Task statement:
Omit the pictures, then reproduce every remaining record exactly.

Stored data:
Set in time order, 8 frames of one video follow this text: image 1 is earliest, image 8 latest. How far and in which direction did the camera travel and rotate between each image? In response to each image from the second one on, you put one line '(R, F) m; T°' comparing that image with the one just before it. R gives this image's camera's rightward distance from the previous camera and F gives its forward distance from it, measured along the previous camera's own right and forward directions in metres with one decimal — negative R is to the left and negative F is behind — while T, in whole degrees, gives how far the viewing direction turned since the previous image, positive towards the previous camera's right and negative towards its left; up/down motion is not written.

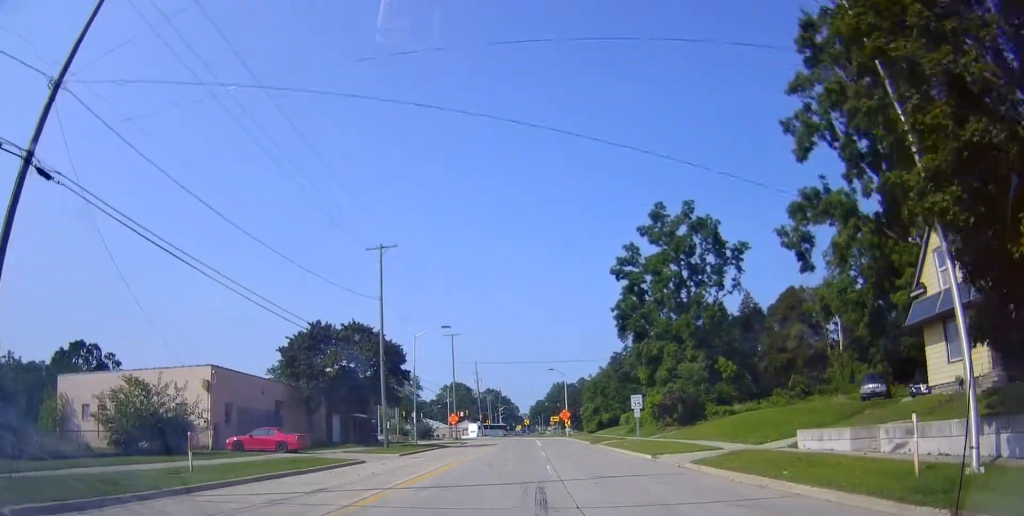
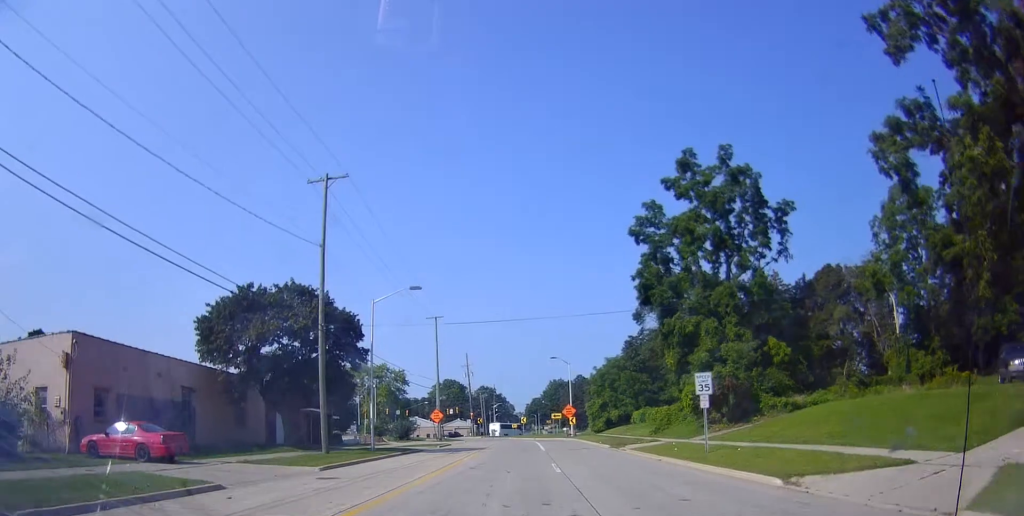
(+0.2, +12.9) m; +1°
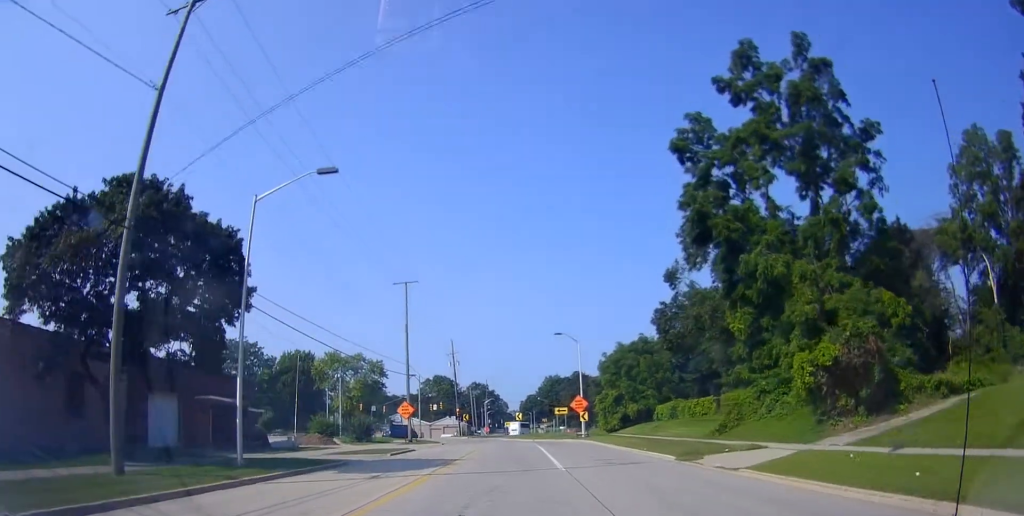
(+0.1, +16.5) m; +2°
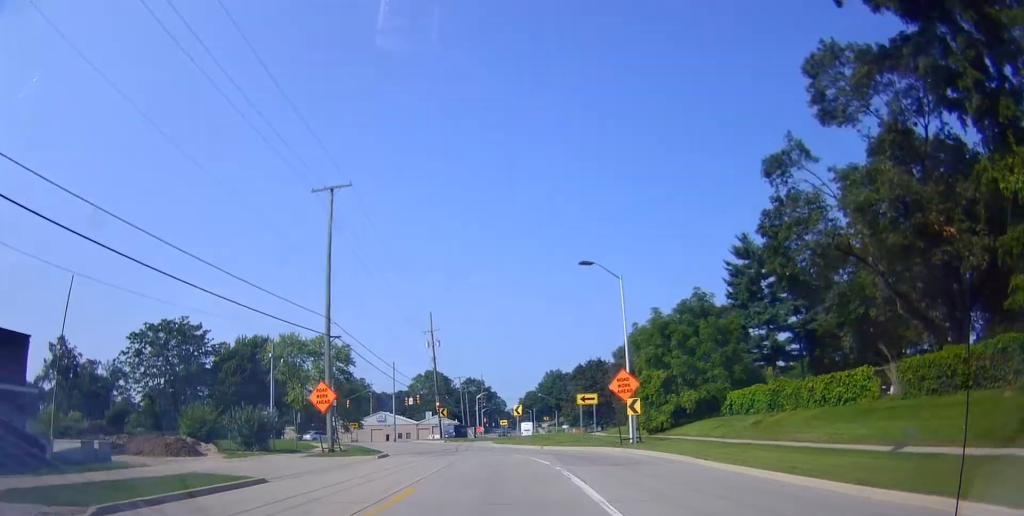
(0.0, +22.9) m; -3°
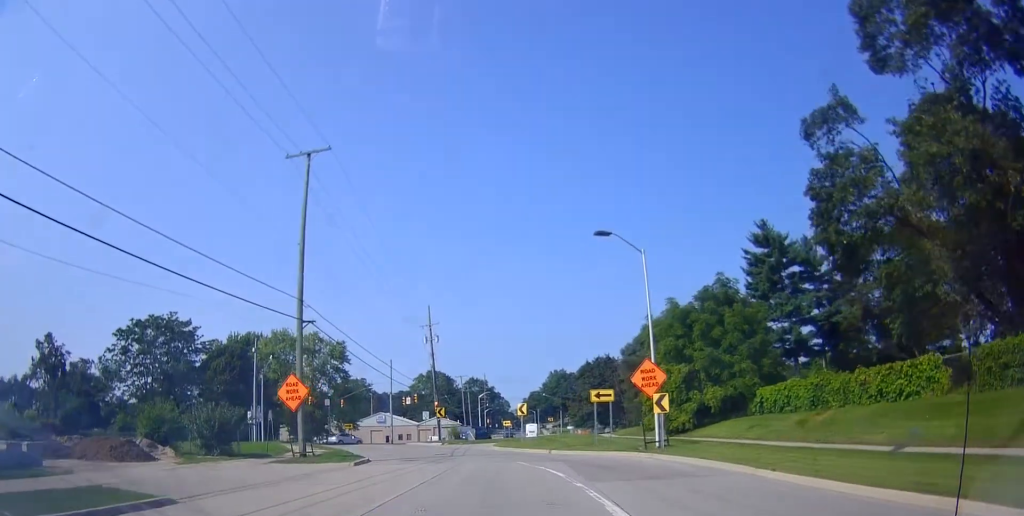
(-0.2, +5.0) m; -1°
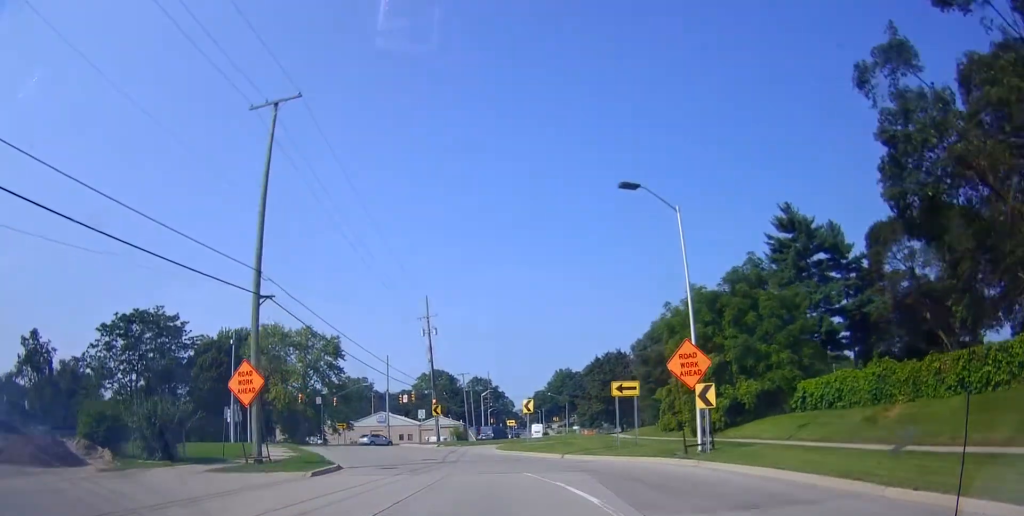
(0.0, +5.4) m; 0°
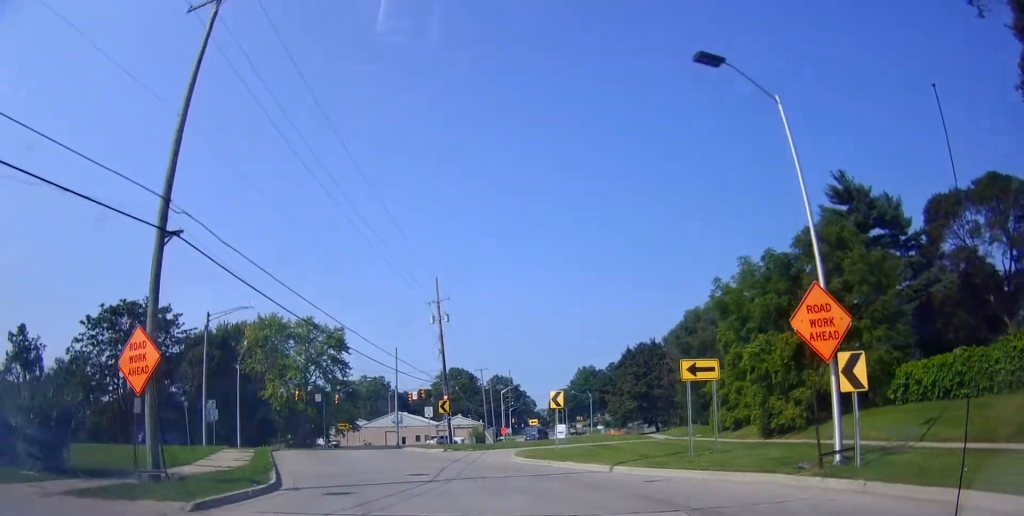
(+0.1, +8.5) m; +1°
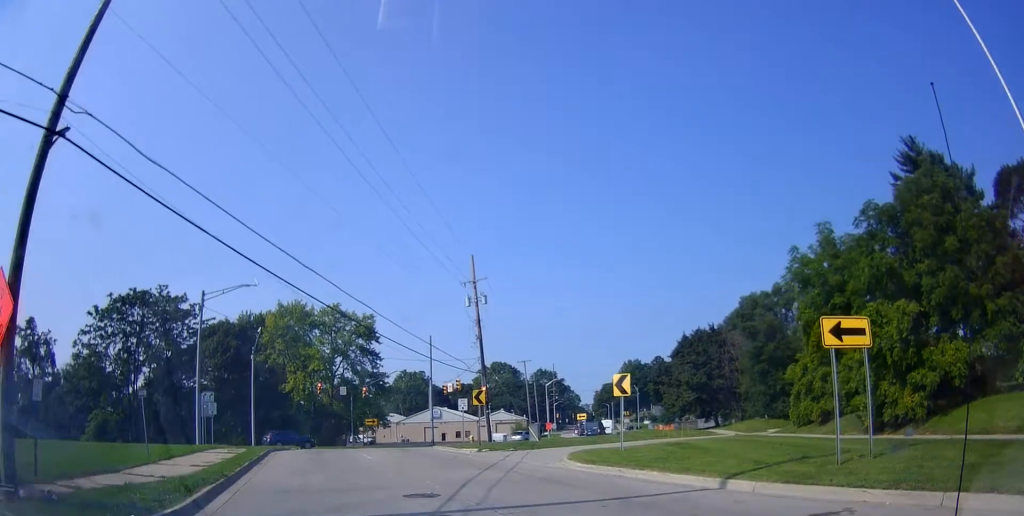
(+0.2, +6.6) m; -4°

Worked solution:
Set in time order, 8 frames of one video follow this text: image 1 is earliest, image 8 latest. How far and in which direction did the camera travel and rotate between each image? In response to each image from the second one on, you put one line '(R, F) m; T°' comparing that image with the one just before it. R gives this image's camera's rightward distance from the previous camera and F gives its forward distance from it, measured along the previous camera's own right and forward directions in metres with one decimal — negative R is to the left and negative F is behind — while T, in whole degrees, gives how far the viewing direction turned since the previous image, positive towards the previous camera's right and negative towards its left; up/down motion is not written.

(+0.2, +12.9) m; +1°
(+0.1, +16.5) m; +2°
(0.0, +22.9) m; -3°
(-0.2, +5.0) m; -1°
(0.0, +5.4) m; 0°
(+0.1, +8.5) m; +1°
(+0.2, +6.6) m; -4°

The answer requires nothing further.